Pentagon review of possible Amazon-JEDI conflict just routine

There has been some reporting that the Defense Department has "admitted' it is reviewing a possible conflict of interest involving Amazon Web Services and the JEDI cloud contract. But the reality is a little more mundane.

I generally don’t get involved in media criticism, but there has been some recent reporting in the Washington Post and elsewhere that the Defense Department is reviewing an Amazon employee who worked at DOD to see if there is a conflict of interest where the JEDI cloud contract is concerned.

This is technically true. But it is not a gotcha moment; rather it is more business as usual.

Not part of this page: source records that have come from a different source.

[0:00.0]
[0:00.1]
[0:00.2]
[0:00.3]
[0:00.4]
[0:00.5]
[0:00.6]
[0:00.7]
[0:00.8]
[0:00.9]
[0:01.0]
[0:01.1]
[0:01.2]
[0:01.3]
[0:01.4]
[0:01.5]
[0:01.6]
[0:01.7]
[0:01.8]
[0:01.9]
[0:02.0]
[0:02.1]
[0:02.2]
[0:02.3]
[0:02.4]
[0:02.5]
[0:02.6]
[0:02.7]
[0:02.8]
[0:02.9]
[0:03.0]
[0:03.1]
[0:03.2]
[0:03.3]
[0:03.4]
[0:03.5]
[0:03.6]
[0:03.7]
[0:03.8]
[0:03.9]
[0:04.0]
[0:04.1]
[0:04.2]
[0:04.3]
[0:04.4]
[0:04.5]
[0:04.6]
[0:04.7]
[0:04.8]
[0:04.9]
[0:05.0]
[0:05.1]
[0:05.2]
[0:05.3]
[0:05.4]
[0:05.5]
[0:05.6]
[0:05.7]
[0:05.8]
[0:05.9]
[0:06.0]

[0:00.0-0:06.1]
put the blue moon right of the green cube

While this battle rages at the U.S. Court of Federal Claims, DOD continues on with its evaluation and work toward awarding the $10 billion contract known as the Joint Enterprise Defense Infrastructure contract.

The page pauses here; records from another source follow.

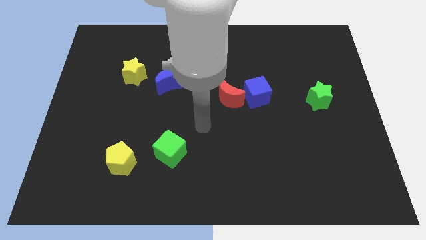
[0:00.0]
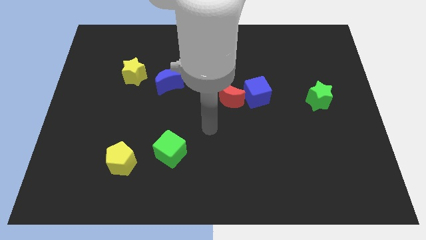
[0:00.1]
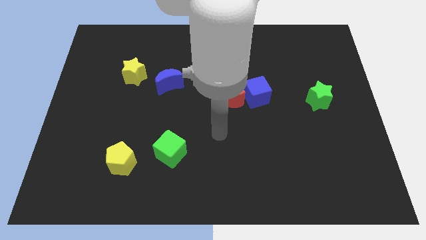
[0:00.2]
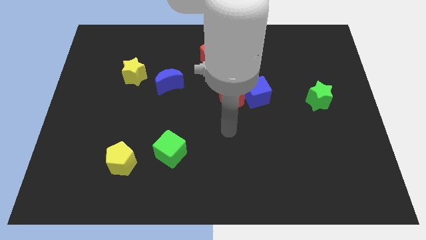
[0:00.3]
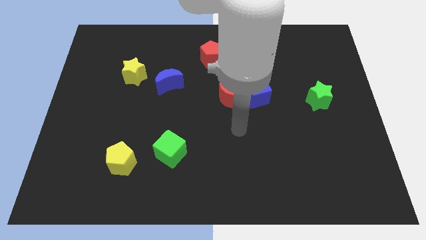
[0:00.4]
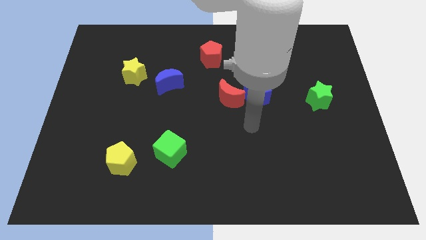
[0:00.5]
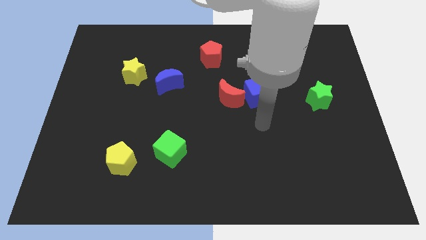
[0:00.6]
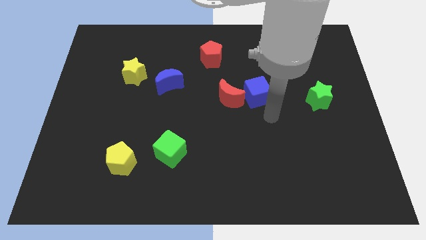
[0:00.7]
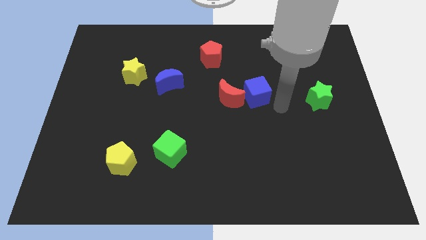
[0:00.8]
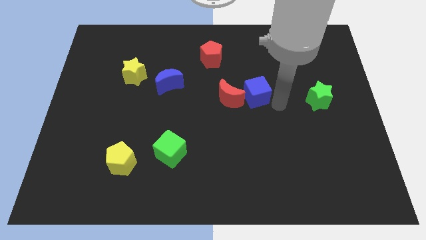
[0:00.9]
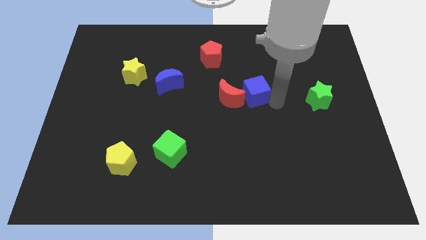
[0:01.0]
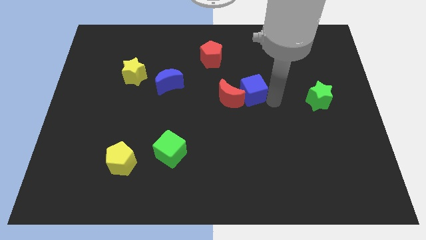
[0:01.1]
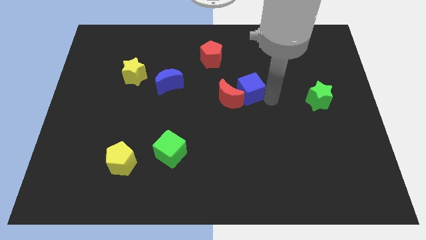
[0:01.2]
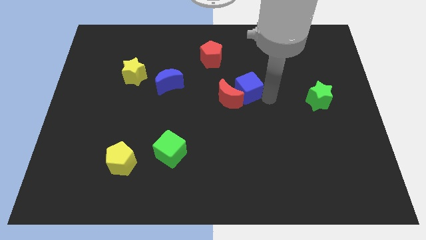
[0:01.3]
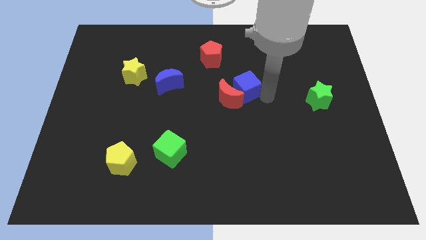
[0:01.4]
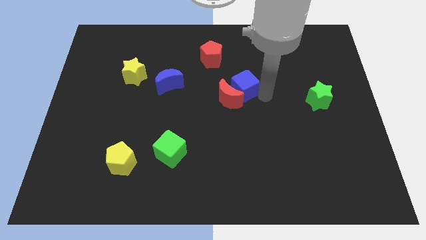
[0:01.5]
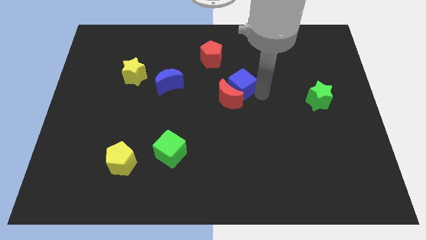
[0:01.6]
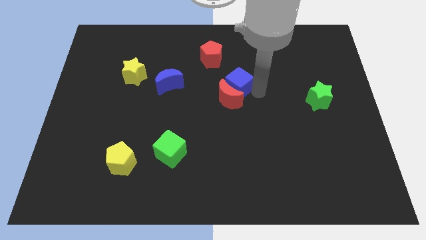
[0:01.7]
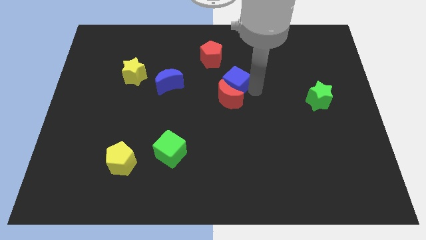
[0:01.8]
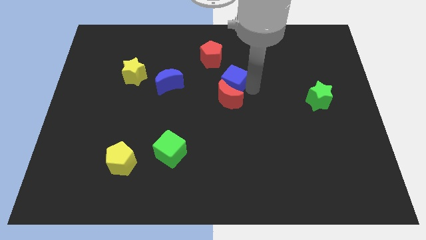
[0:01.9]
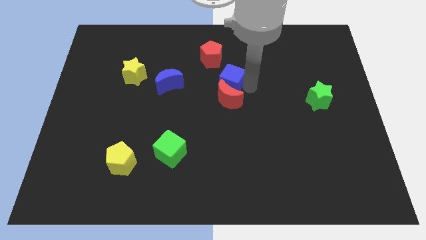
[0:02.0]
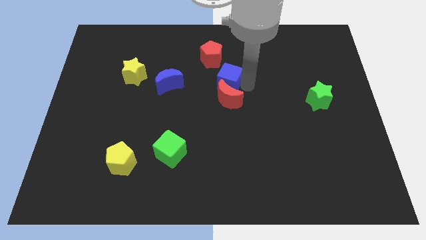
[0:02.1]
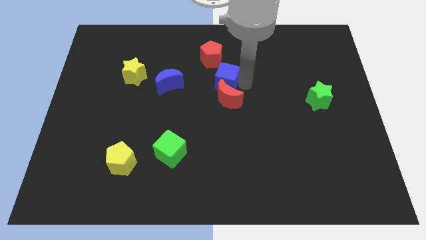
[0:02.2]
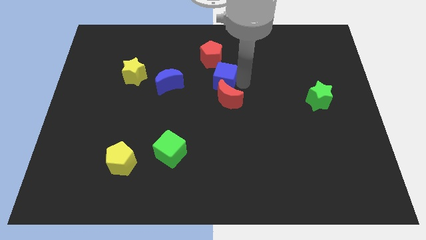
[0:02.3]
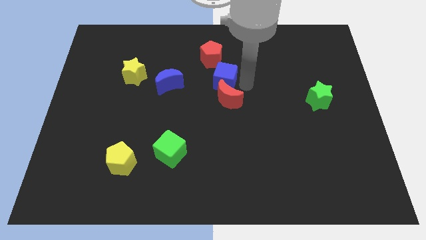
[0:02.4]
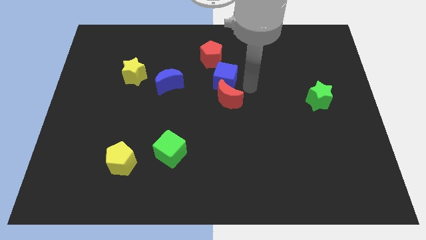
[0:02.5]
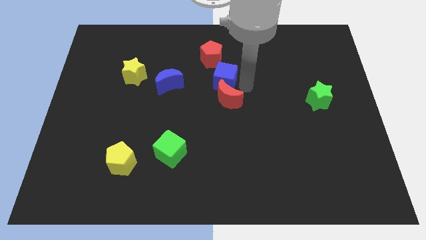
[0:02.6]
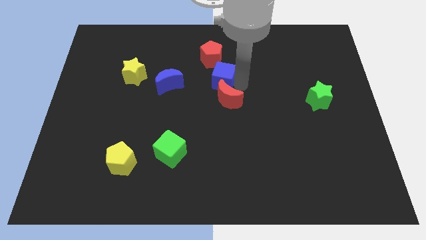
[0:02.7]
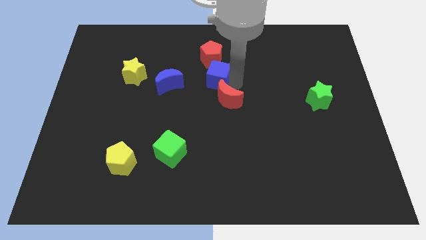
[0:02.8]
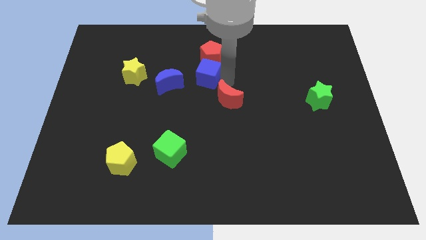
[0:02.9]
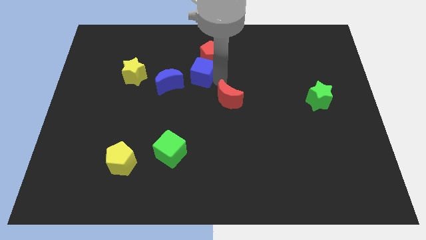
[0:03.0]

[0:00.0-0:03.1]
move the blue cube diagonally up and to the right of the blue moon

As it did at the Government Accountability Office, Oracle is arguing against the single-award strategy at DOD and making allegations about conflicts of interest against two people who worked at DOD and also worked or are currently working at Amazon Web Services.

Those allegations led Amazon Web Services to file as an “intervenor” in December at the Court of Federal Claims and essentially become a co-defendant with the Defense Department.

What is in the latest filings? A lot of rehashing of well-known facts and accusations.

Buried this DOD filing is a paragraph stating that the contracting officer is reviewing the department's rehiring of Deap Ubhi and whether that creates an conflict of interest that cannot be mitigated. Ubhi had worked for Amazon, left and went to work at DOD.

One year later, he started working on JEDI but then recused himself when it looked like Amazon was going to buy a company that he founded. He later left DOD went back to Amazon Web Services.

This disclosure of the conflict-of-interest review is standard operating procedure.

Oracle raised its allegation of conflict of interest when it protested at GAO. GAO rejected that point – along with the others – but said essentially said that since no award had been made there was no way to say whether Oracle had been damaged.

The court filing states that the contracting officer didn’t consider Ubhi re-hiring as a conflict of interest because when Oracle filed its protest, no one had submitted a proposal yet.

If AWS wins the JEDI contract, that’s the appropriate time for Oracle to raise the conflict argument. They can ask how DOD determined there was no conflict or whether the conflict could be mitigated.

In other words, DOD is just doing its job right now.

Having said all of that, I think the conflict of interest allegations are likely the best shot that Oracle has to prevail in this fight.

The other arguments attacking DOD’s decision to go with a single award for JEDI is just too big a lift.

Of course, I could be completely wrong. Handicapping the Court of Federal Claims isn’t something I do, but it is just my gut telling me that Oracle is a long shot.